Lower down are entries containing pictures. Copy exactly, without those pictures, the lines from the line with "네가 어디에 있느냐 하고 찾습니다 몰라서 찾습니까" through the line with "총 3,290병상을 확보하였습니다. 사용병상은 2,473병상에서 2".
(Beginning of Exercise material)
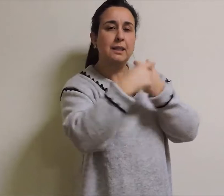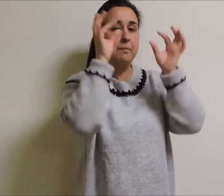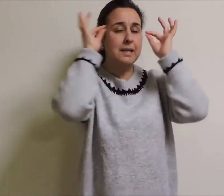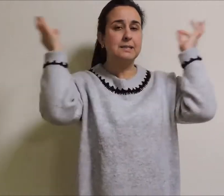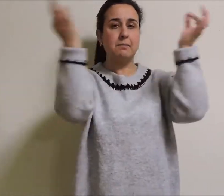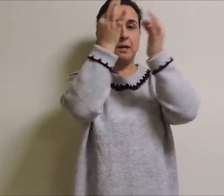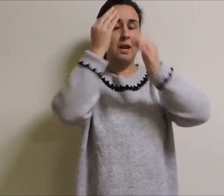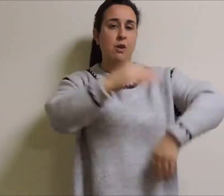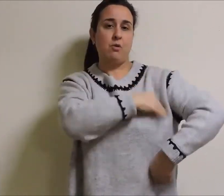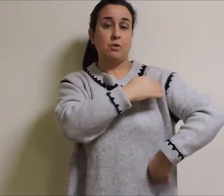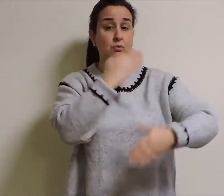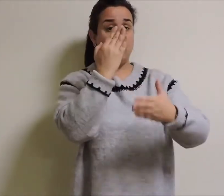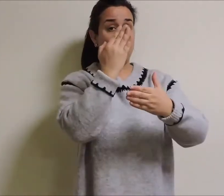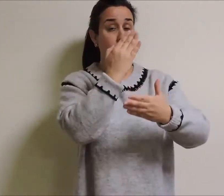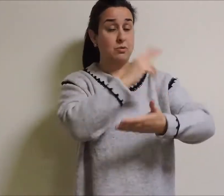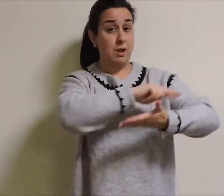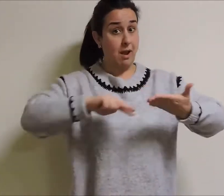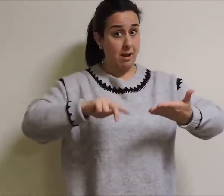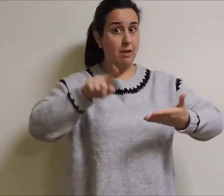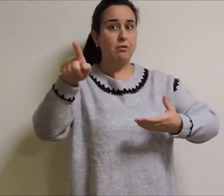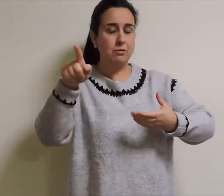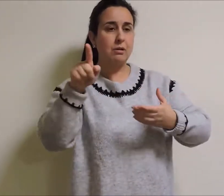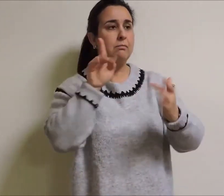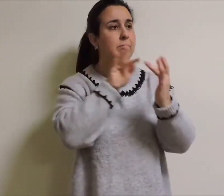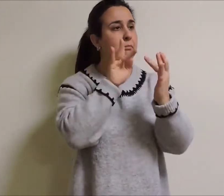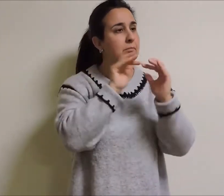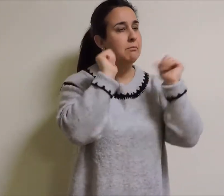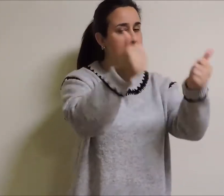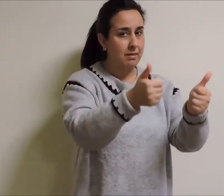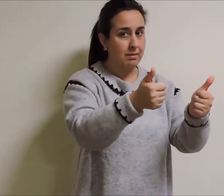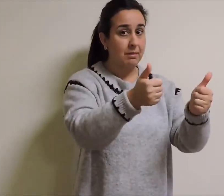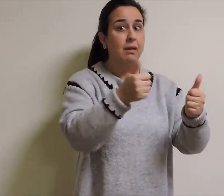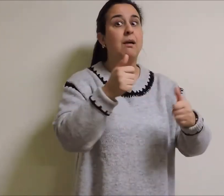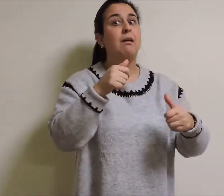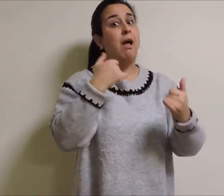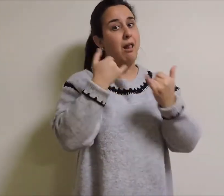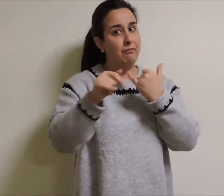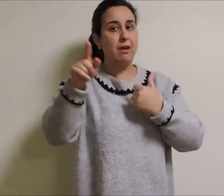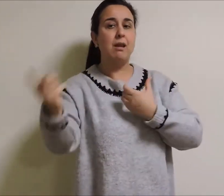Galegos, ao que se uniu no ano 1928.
(End of Exercise material)
(Beginning of Exercise material)
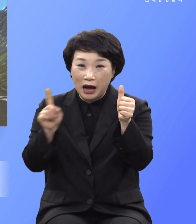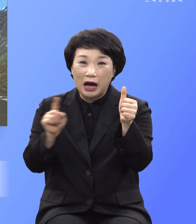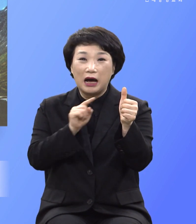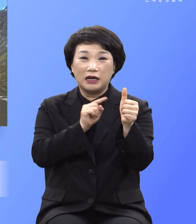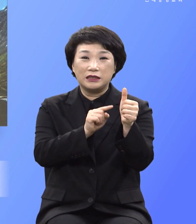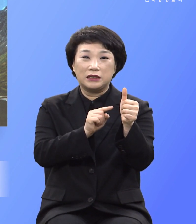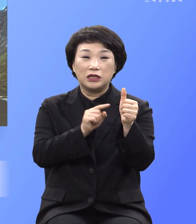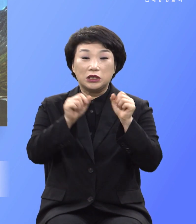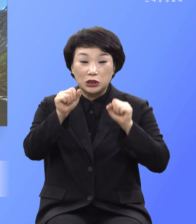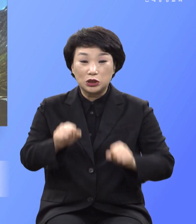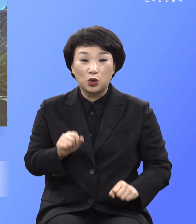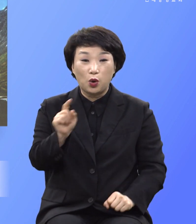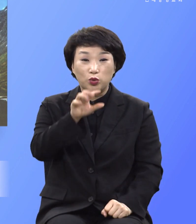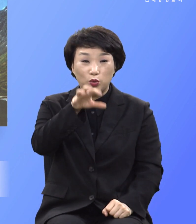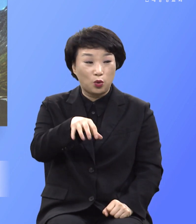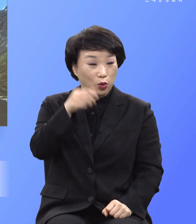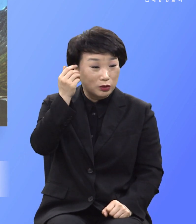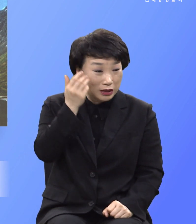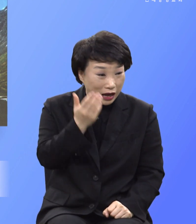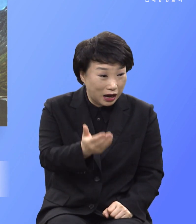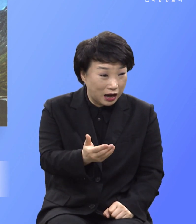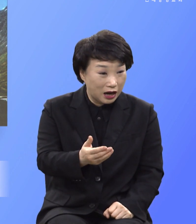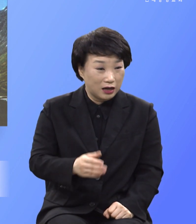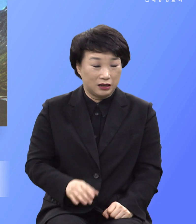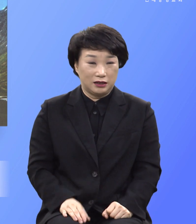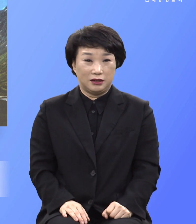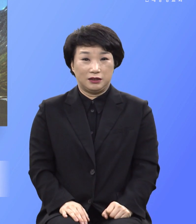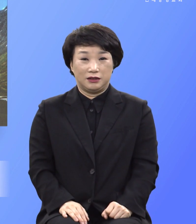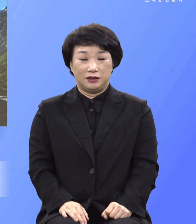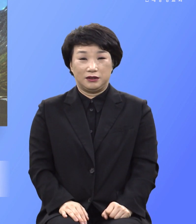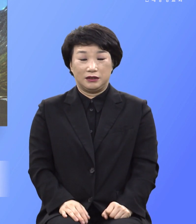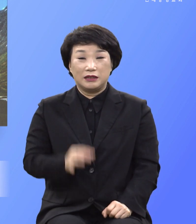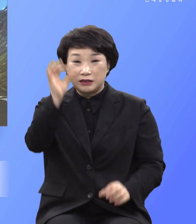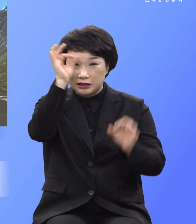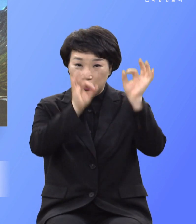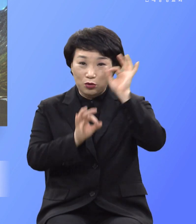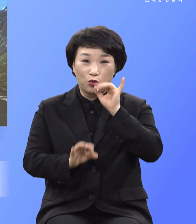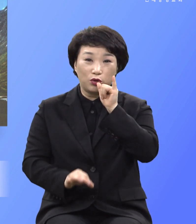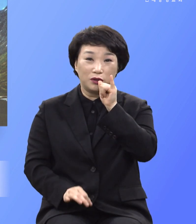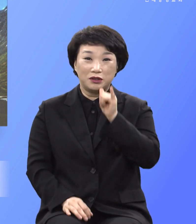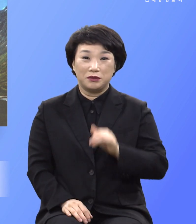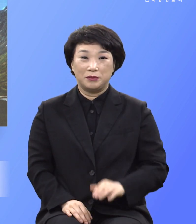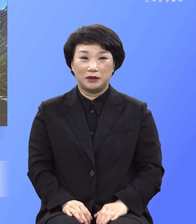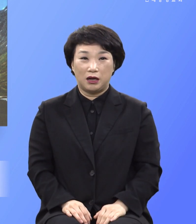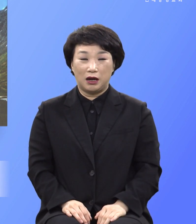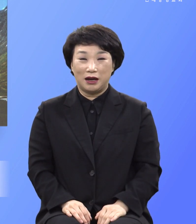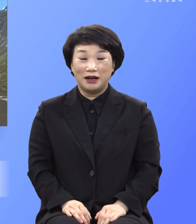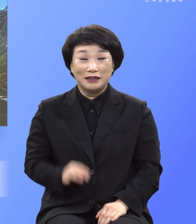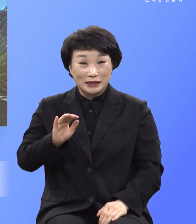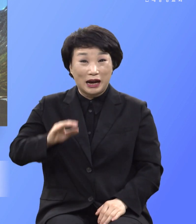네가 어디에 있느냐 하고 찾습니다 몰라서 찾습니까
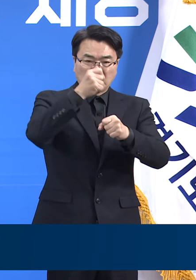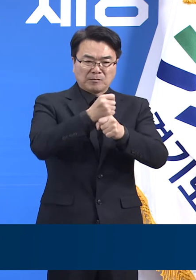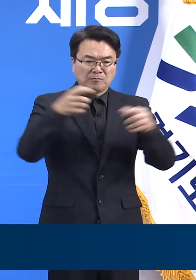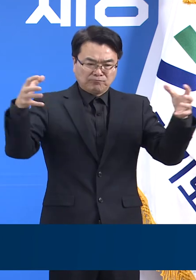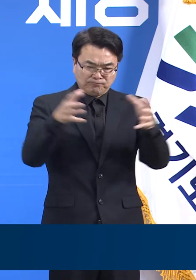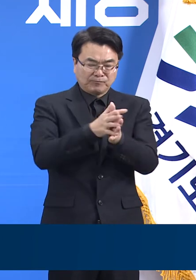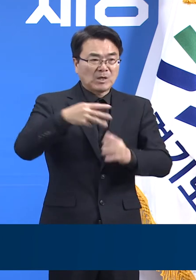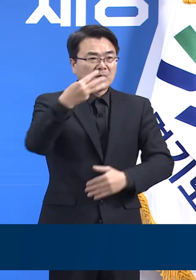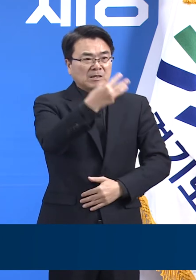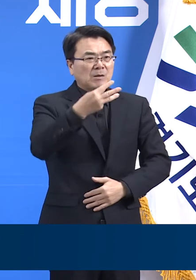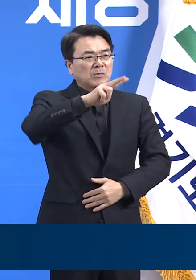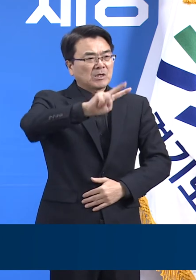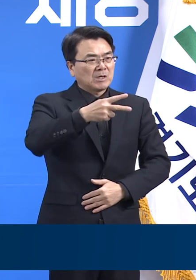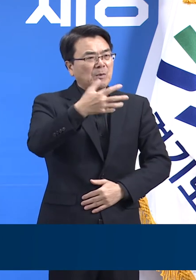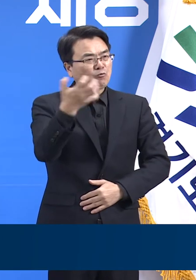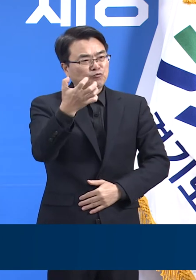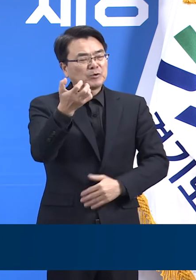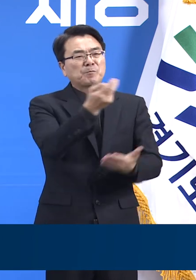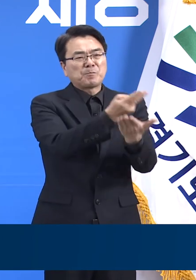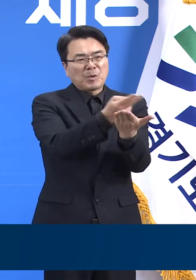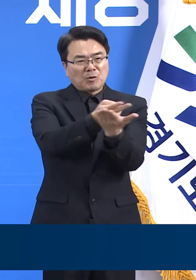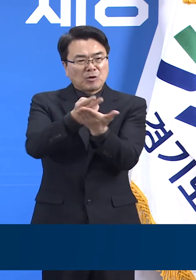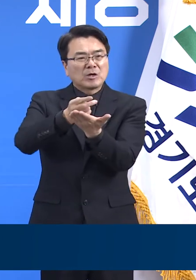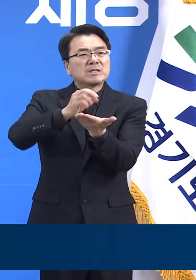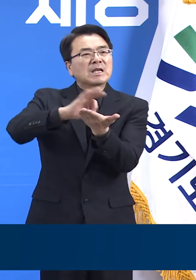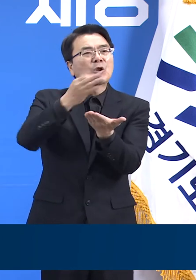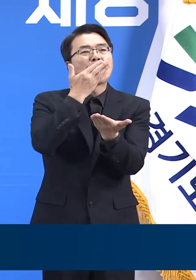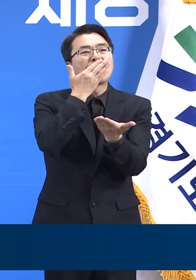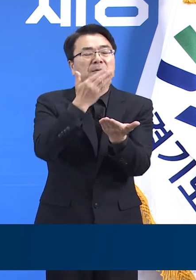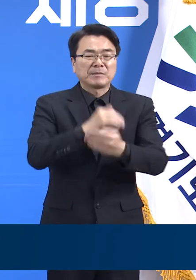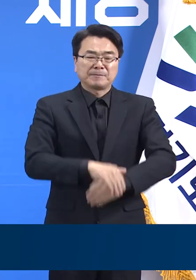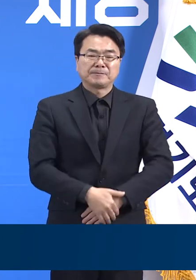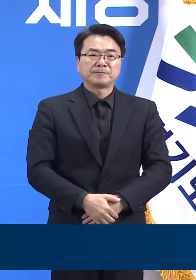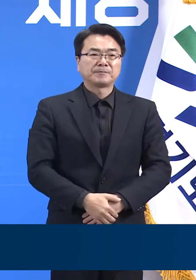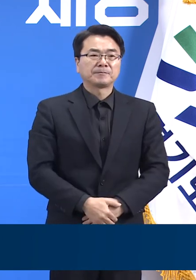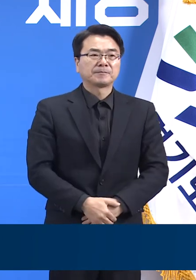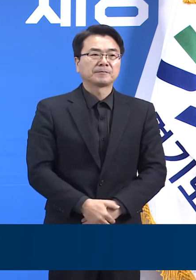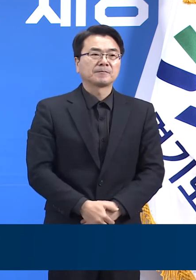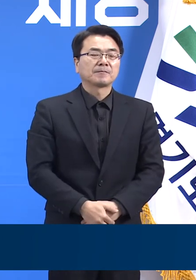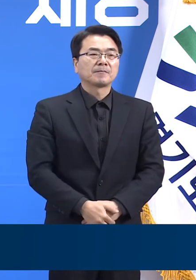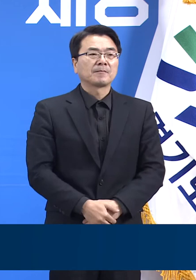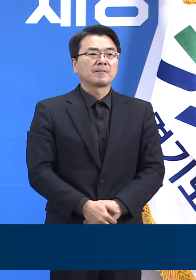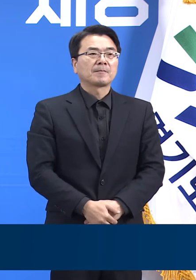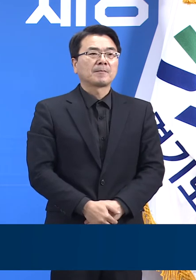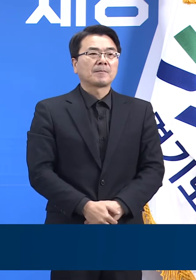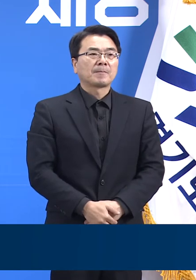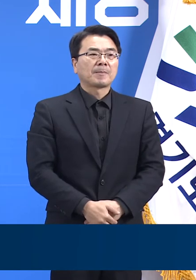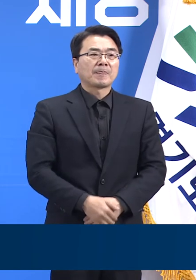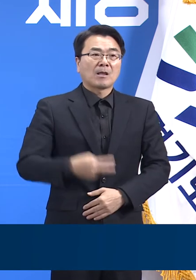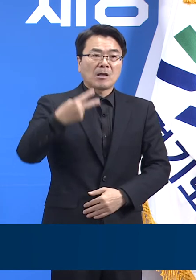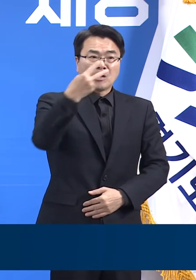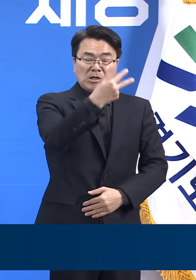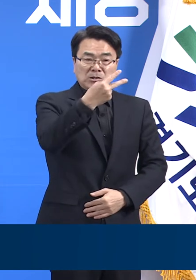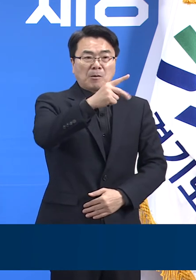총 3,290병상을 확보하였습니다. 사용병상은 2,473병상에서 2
(End of Exercise material)
[Exercise solution]:
네가 어디에 있느냐 하고 찾습니다 몰라서 찾습니까
총 3,290병상을 확보하였습니다. 사용병상은 2,473병상에서 2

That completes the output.